Quantum phenomena, it is generally agreed, take place in extremely tiny systems—single atoms, for instance, or very small molecules. To investigate them, scientists must usually cool their material down to temperatures approaching absolute zero. Once such a system exceeds a certain size or temperature, its quantum properties collapse, and “everyday” classical physics takes over. Says Prof. Naaman, “Biological molecules are quite large, and they work at temperatures that are much warmer than the temperatures at which most quantum physics experiments are conducted. One would expect that the quantum phenomenon of spin, which exists in two opposing states, would be scrambled in these molecules—and thus irrelevant to their function.”

But biological molecules have another property: they are chiral. In other words, they exist in either left- or right-handed forms that can’t be superimposed on one another. Double-stranded DNA molecules are doubly chiral—both in the arrangement of the individual strands and in the direction of the helices’ twist. Prof. Naaman knew from previous studies that some chiral molecules can interact in different ways with the two different spins. Together with Prof. Zeev Vager of the Department of Particle Physics and Astrophysics, research student Tal Markus, and Prof. Helmut Zacharias and his research team at the University of Münster, Germany, he set out to discover whether DNA might show some spin-selective properties.

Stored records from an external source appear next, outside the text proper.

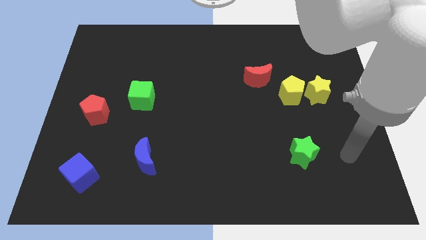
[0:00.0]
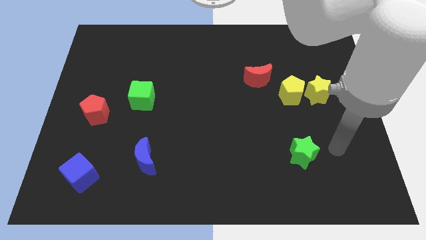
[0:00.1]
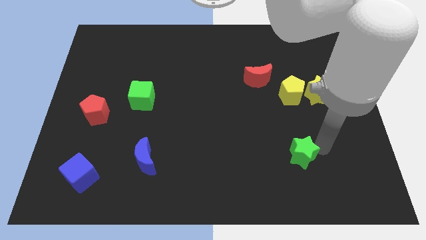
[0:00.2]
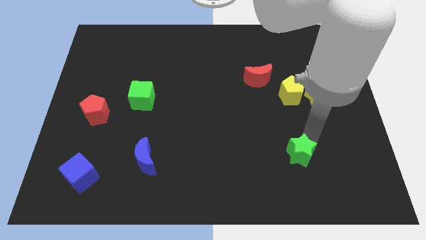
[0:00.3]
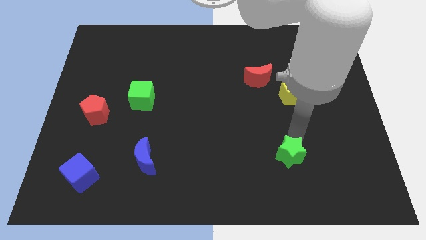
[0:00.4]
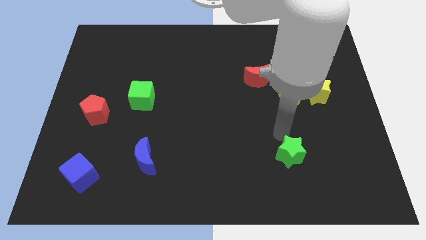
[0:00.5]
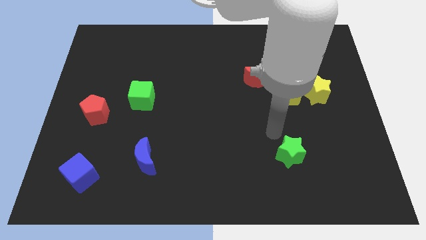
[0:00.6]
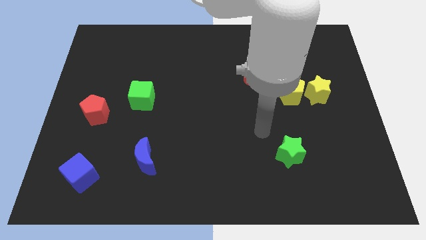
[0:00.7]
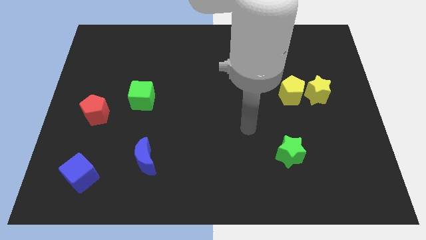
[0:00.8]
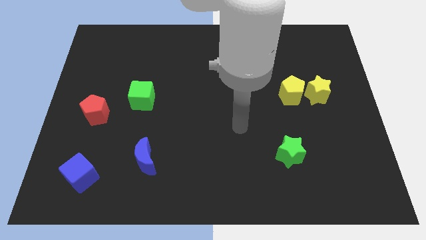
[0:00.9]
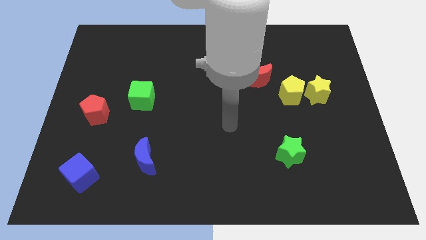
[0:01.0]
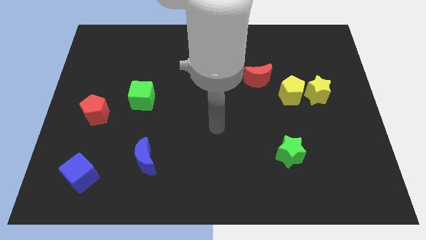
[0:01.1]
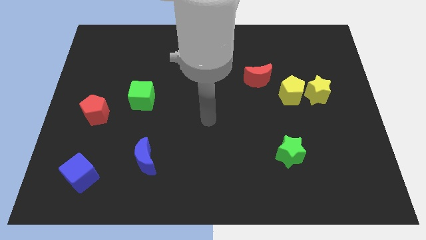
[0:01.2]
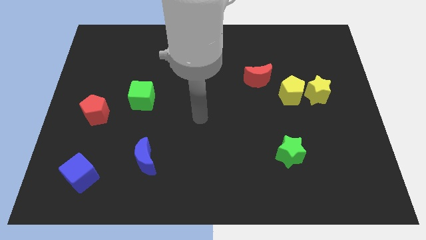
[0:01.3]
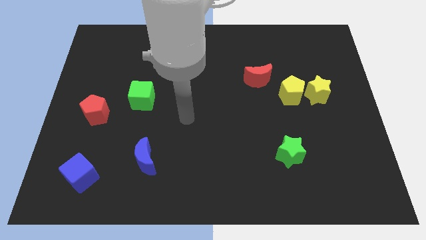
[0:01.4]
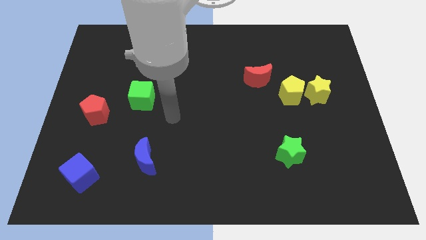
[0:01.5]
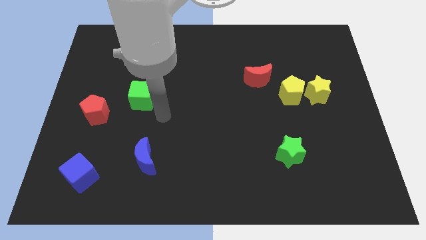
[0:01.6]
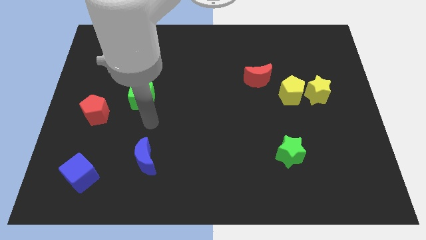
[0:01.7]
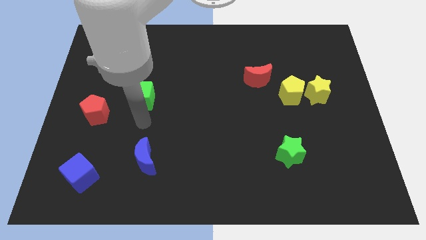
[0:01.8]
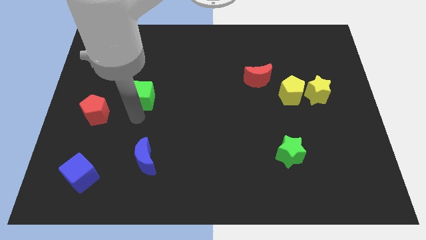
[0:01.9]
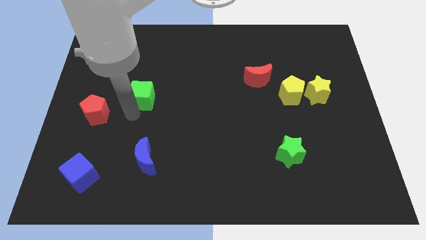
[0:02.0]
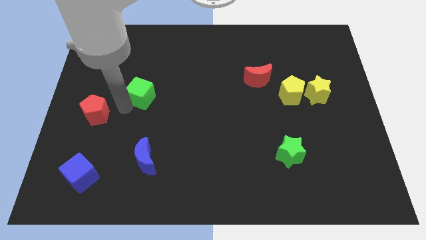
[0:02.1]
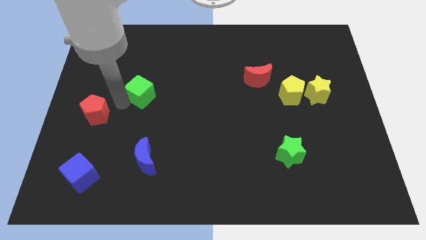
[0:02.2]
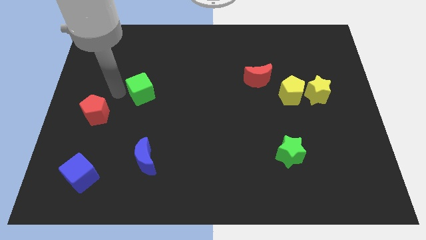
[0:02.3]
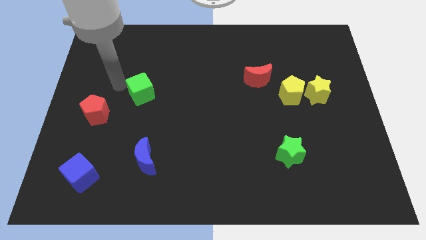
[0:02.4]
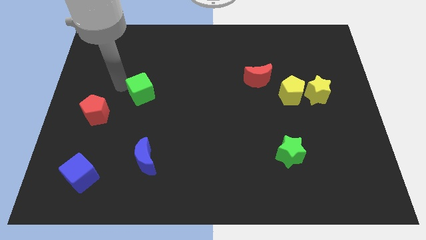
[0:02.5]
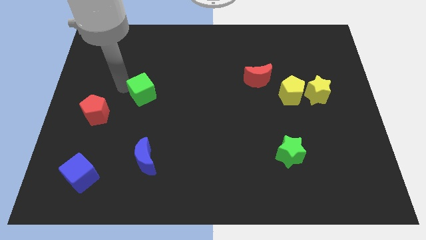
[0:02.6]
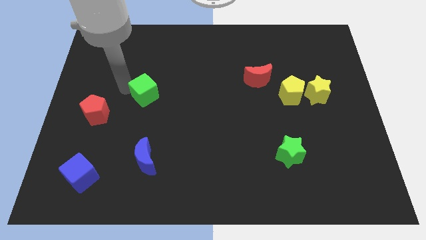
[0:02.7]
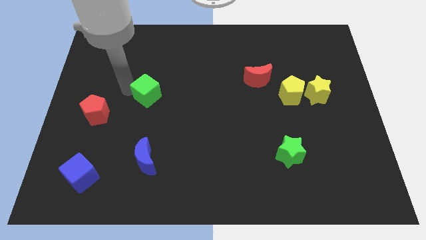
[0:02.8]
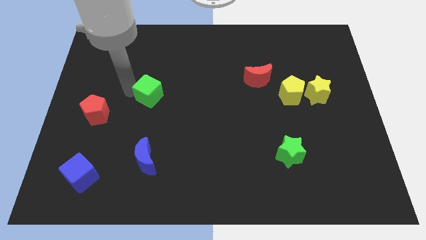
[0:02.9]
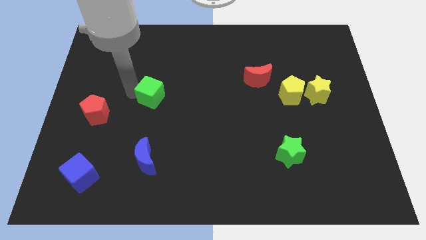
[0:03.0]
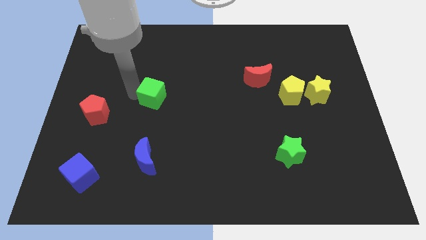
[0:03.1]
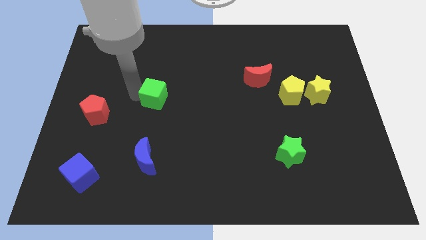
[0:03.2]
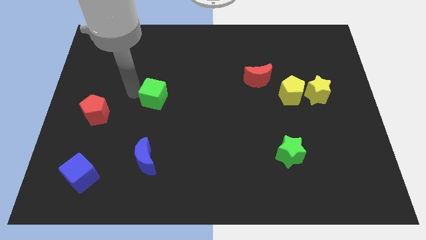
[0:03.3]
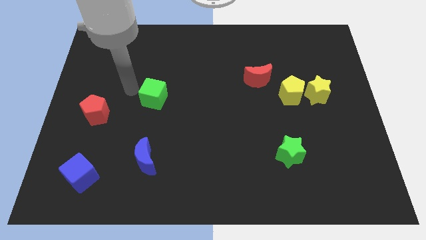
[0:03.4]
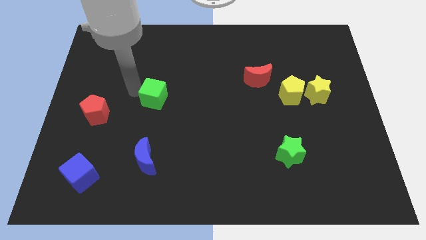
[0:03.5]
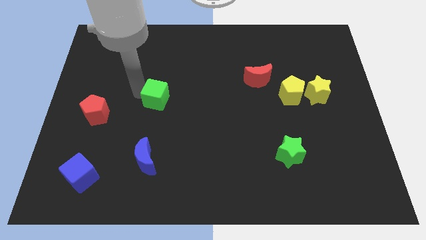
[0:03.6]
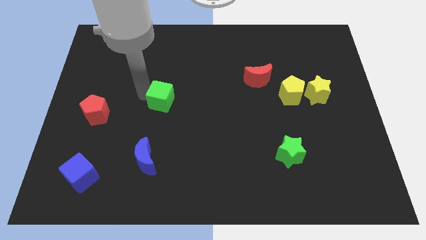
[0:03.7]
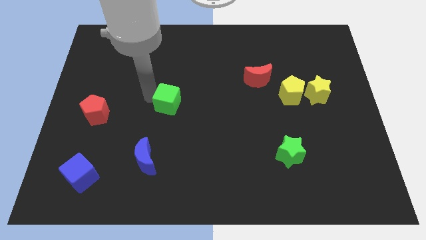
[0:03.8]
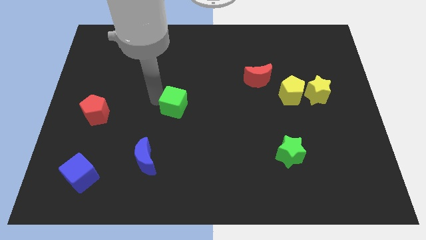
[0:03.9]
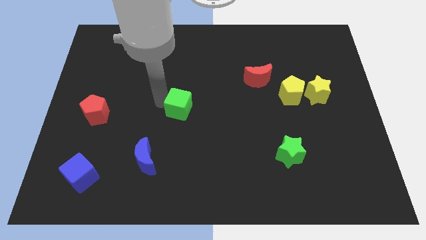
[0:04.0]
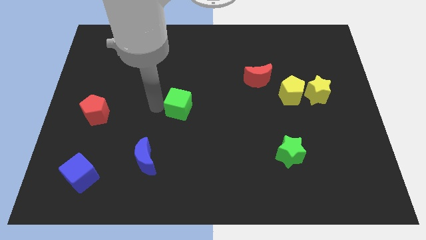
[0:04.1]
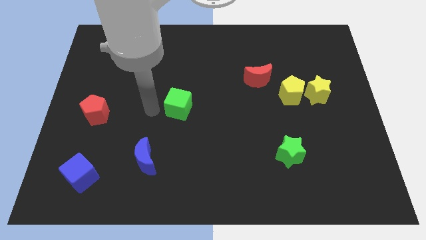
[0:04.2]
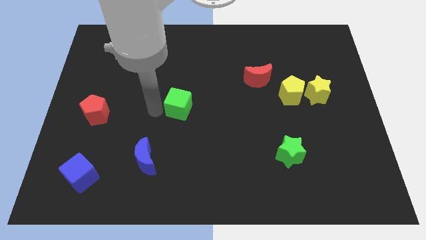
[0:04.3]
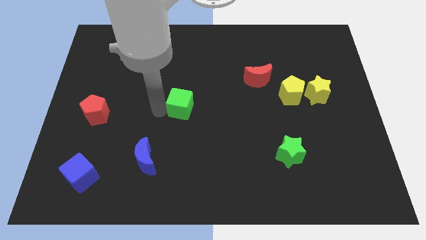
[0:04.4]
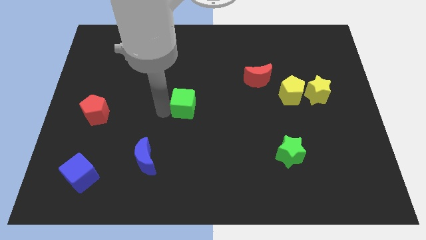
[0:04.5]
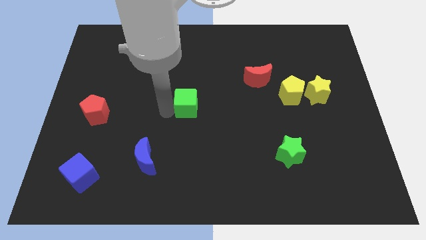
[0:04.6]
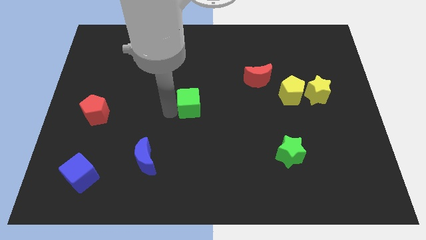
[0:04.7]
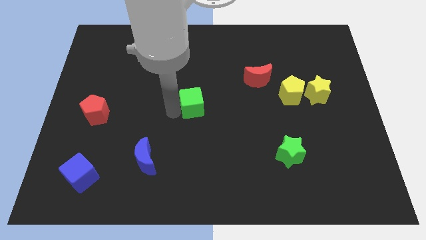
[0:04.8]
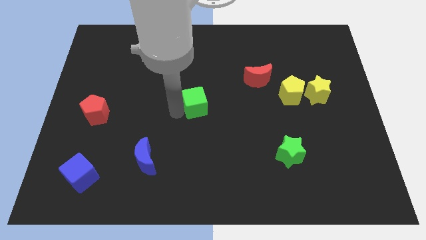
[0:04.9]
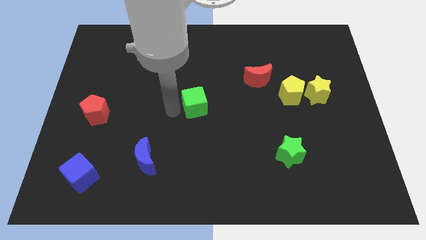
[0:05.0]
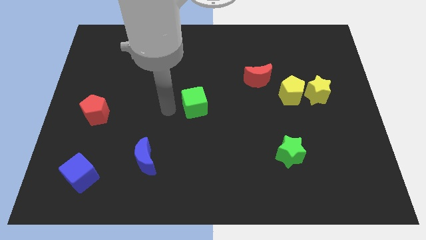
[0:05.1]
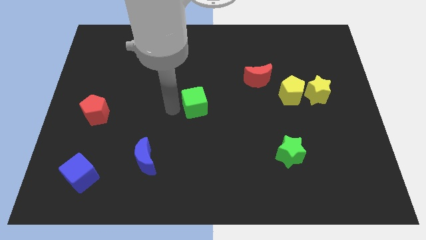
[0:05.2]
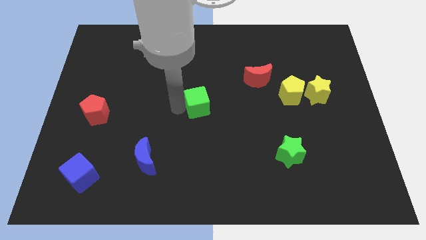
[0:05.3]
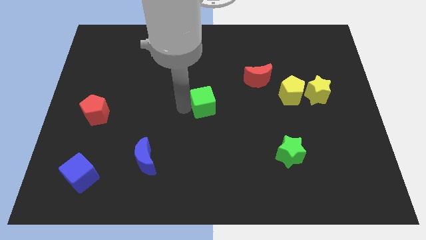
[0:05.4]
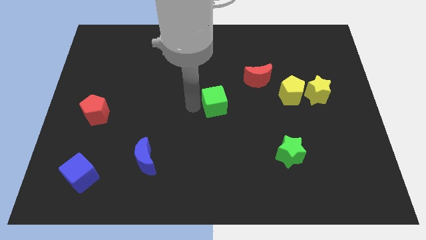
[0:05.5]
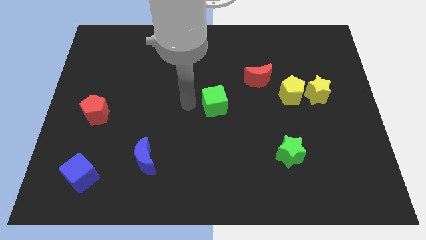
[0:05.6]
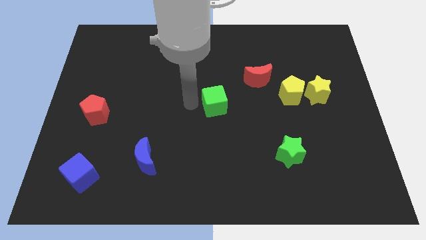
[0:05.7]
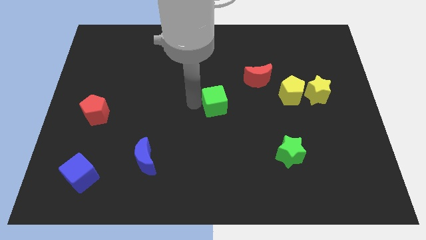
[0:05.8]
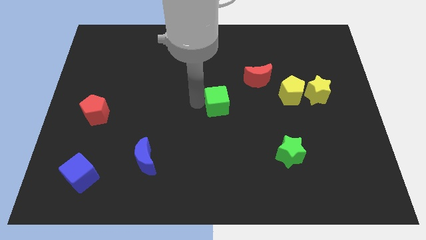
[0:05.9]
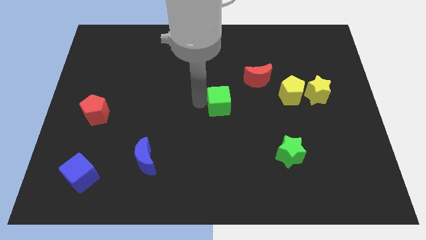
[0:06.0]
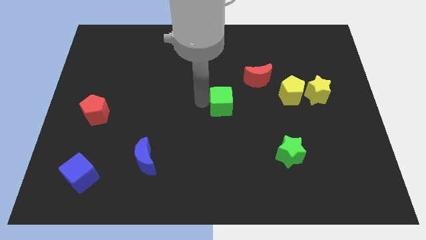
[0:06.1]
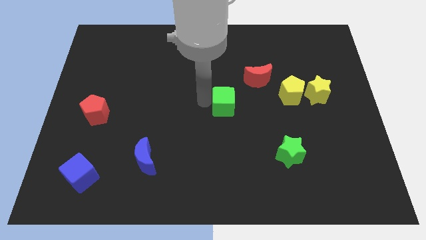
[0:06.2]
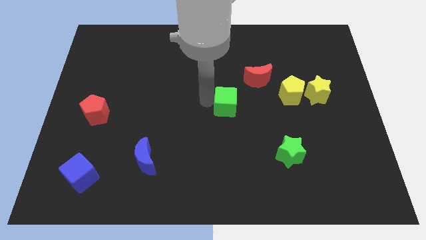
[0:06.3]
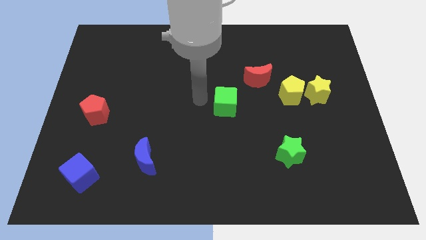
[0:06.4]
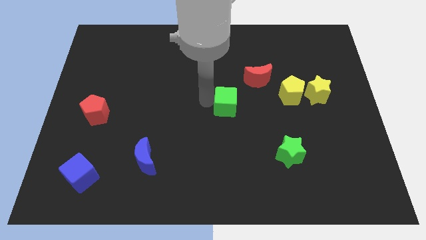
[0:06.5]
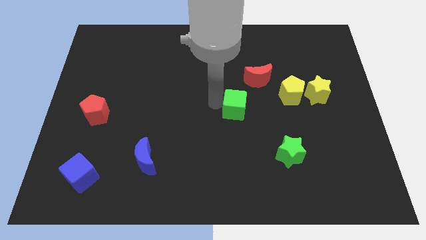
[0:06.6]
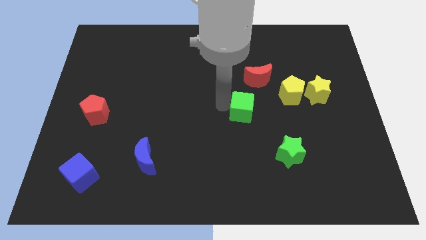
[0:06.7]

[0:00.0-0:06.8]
slide the green cube to the bottom side of the red moon

The researchers fabricated self-assembling, single layers of DNA attached to a gold substrate. They then exposed the DNA to mixed groups of electrons with both directions of spin. Indeed, the team’s results surpassed expectations: The biological molecules reacted strongly with the electrons carrying one of those spins, and hardly at all with the others. The longer the molecule, the more efficient it was at choosing electrons with the desired spin, while single strands and damaged bits of DNA did not exhibit this property. These findings imply that the ability to pick and choose electrons with a particular spin stems from the chiral nature of the DNA molecule, which somehow “sets the preference” for the spin of electrons moving through it.

In fact, says Prof. Naaman, DNA turns out to be a superb “spin filter,” and the team’s findings could have relevance for both biomedical research and the field of spintronics. If further studies, for instance, bear out the finding that DNA only sustains damage from spins pointing in one direction, then exposure might be reduced and medical devices designed accordingly. On the other hand, DNA and other biological molecules could become a central feature of new types of spintronic devices, which will work on particle spin rather than electric charge, as they do today.

Prof. Ron Naaman is head of the Nancy and Stephen Grand Research Center for Sensors and Security, and his research is supported by Rachel Schwartz, Canada. Prof. Naaman is the incumbent of the Aryeh and Mintzi Katzman Professorial Chair.